Abstract:
Objective To evaluate the significance of next generation sequencing technology-based copy number variation sequencing (CNV-seq) combined with chromosomal karyotype analysis in prenatal diagnosis of birth defect.
Methods With convenient sampling, we recruited 516 singleton pregnant women undergoing prenatal amniocentesis examination at a hospital in Shenyang city from January 1, 2017 to December 31, 2018. The chromosomes of exfoliated cells in amniotic fluid samples were examined with CNV-seq and routine G-banded karyotype analysis.

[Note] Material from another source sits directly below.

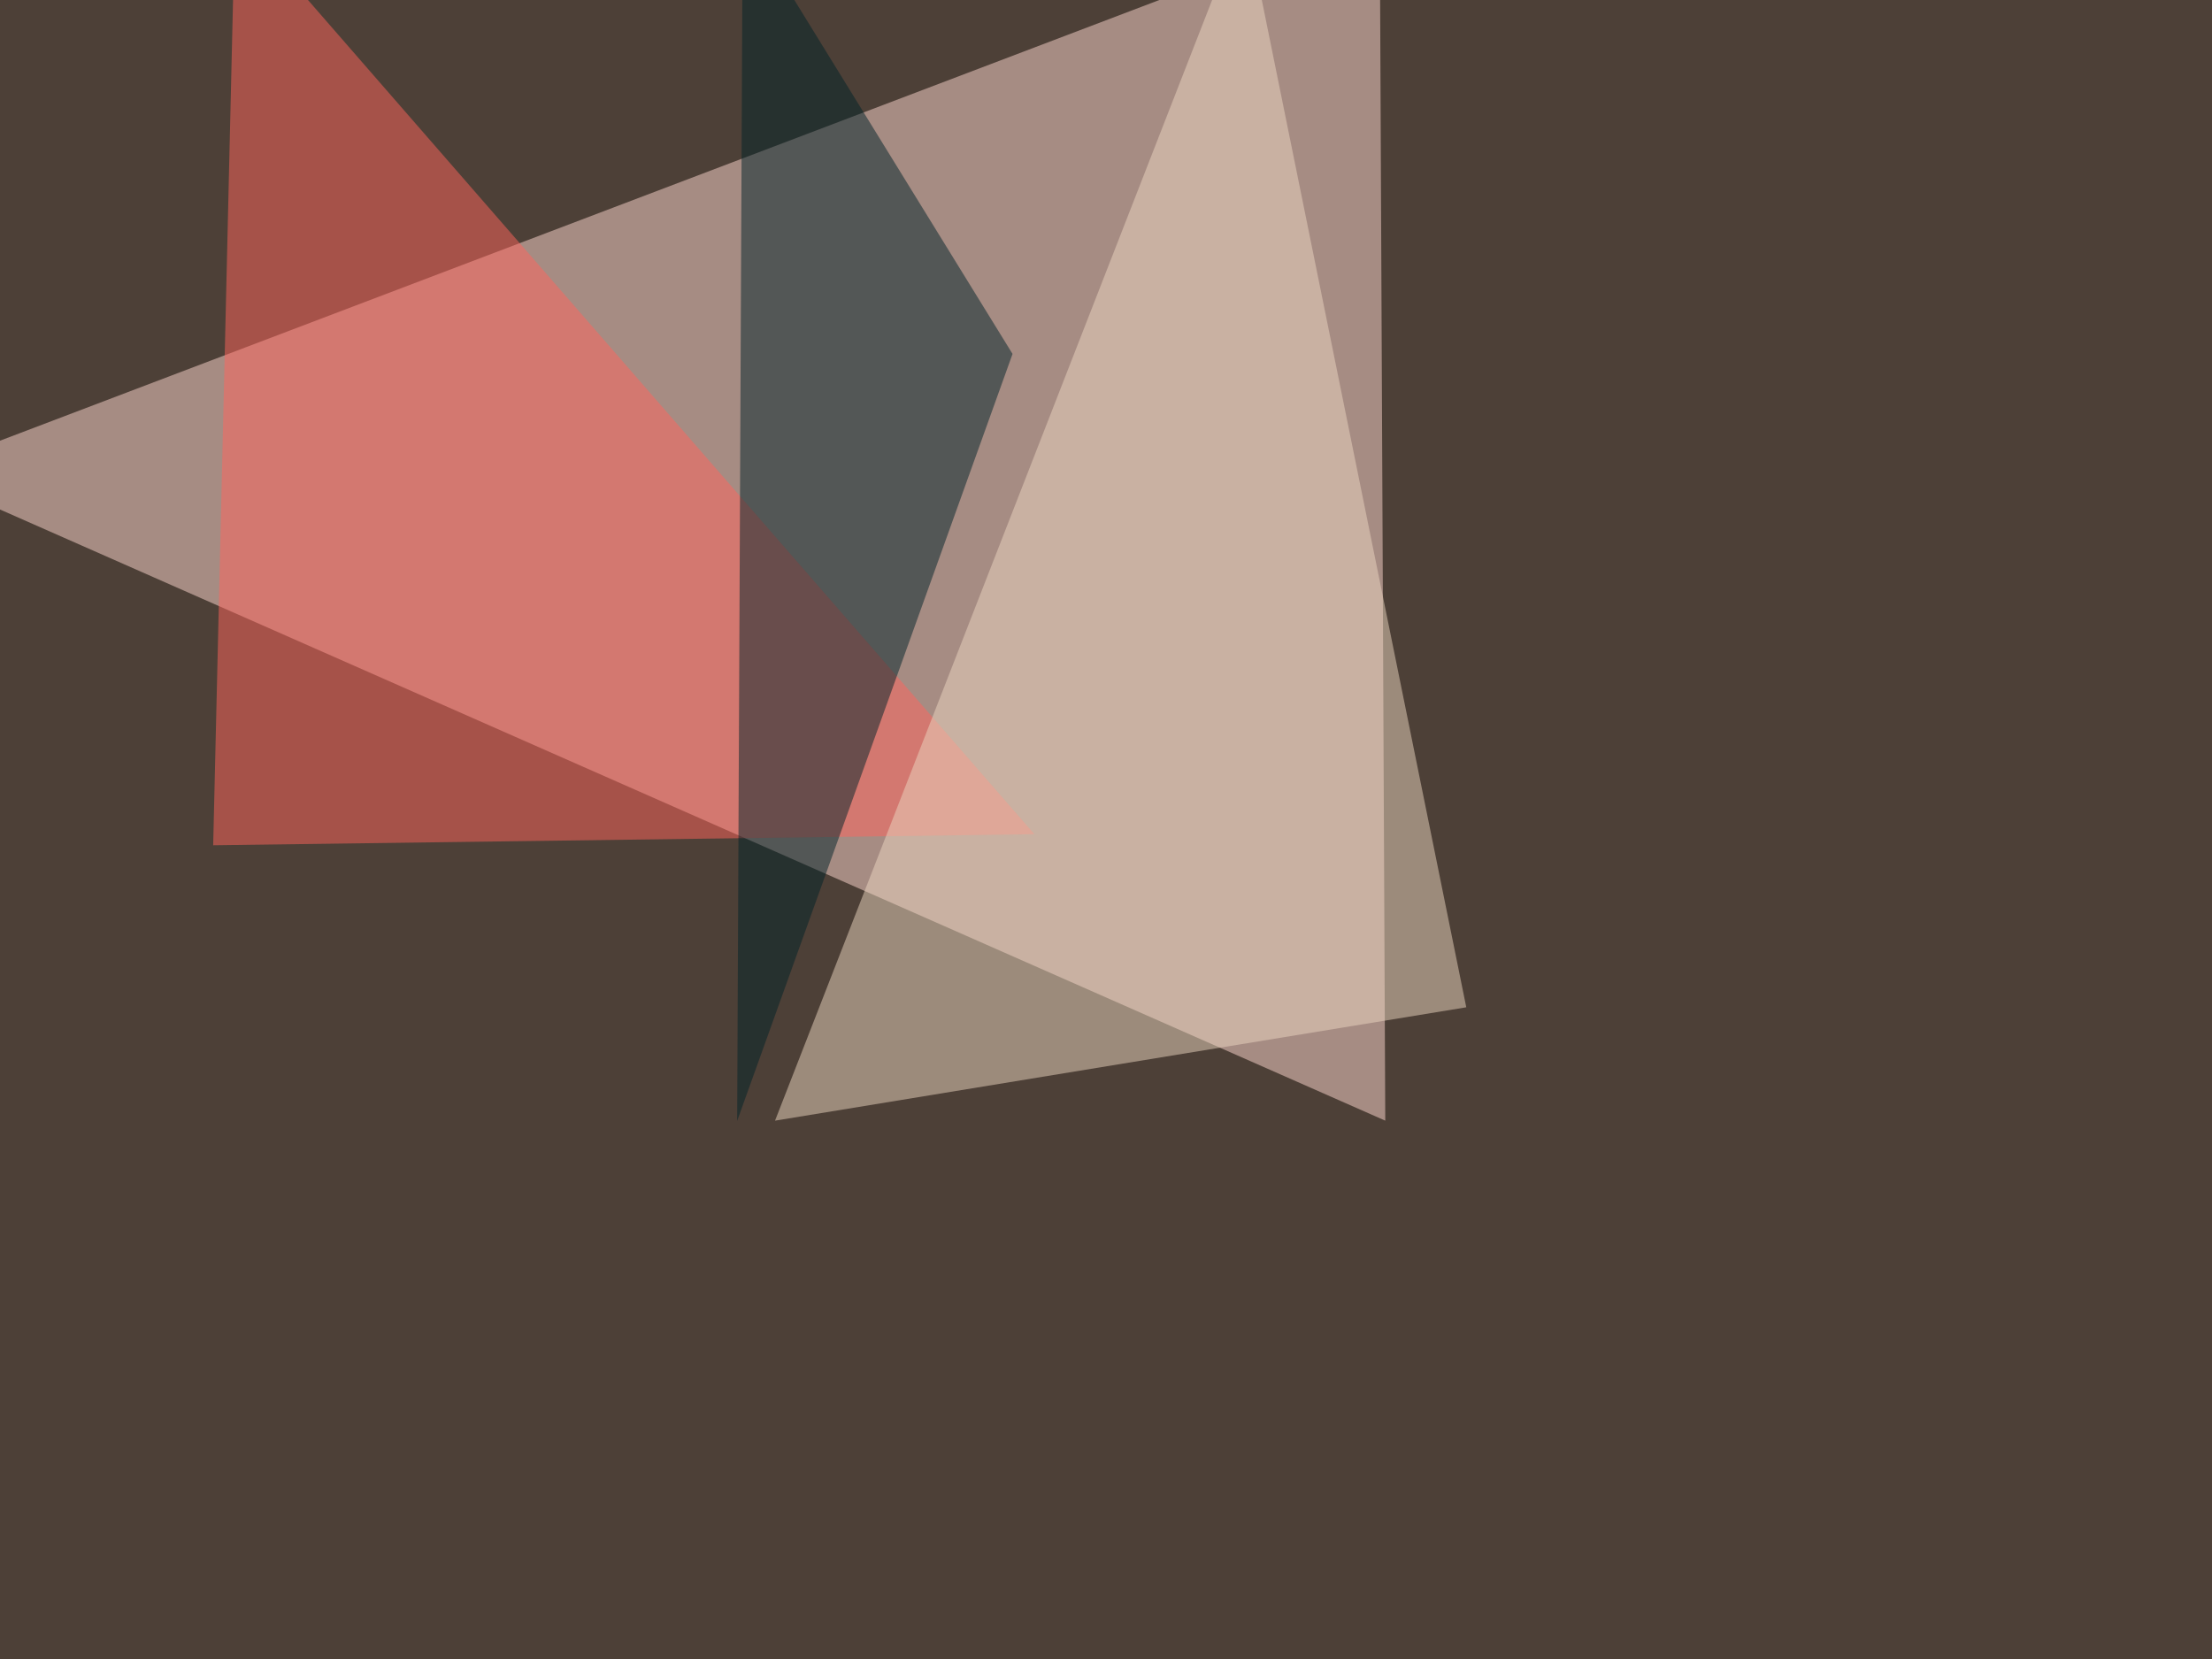 <svg xmlns="http://www.w3.org/2000/svg" width="800" height="600"><filter id="a"><feGaussianBlur stdDeviation="12"/></filter><rect width="100%" height="100%" fill="#4d4037"/><g filter="url(#a)"><g fill-opacity=".5"><path fill="#ffd9d0" d="M501 405.3L-30.3 170.9 499-30.3z"/><path fill="#ff655d" d="M85-30.3l-7.9 336 297-4z"/><path fill="#002329" d="M268.6-30.3L366.2 128l-99.6 277.4z"/><path fill="#ecd7c0" d="M280.3 405.3l250-41-80.1-394.6z"/></g></g></svg>

Results Among all specimens negative for chromosome copy number variations (CNVs) in chromosomal karyotype analysis, 30 specimens positive for CNVs were detected with CNV-seq and specific variation sites of abnormal chromosome structure were also detected with CNV-seq in 13 abnormal specimens in chromosomal karyotype analysis; in addition, 5 specimens with a chimera ratio of > 10% were identified with CNV-seq. But one specimens with a chimera ratio of < 1% and 13 specimens with abnormal chromosomal structure in karyotype analysis were not detected with CNV-seq.
Conclusion Copy number variation sequencing can improve low resolution of chromosomal karyotype analysis and detection rate of abnormal chromosomes and the detection could be applied in prenatal amniotic fluid diagnosis of birth defect.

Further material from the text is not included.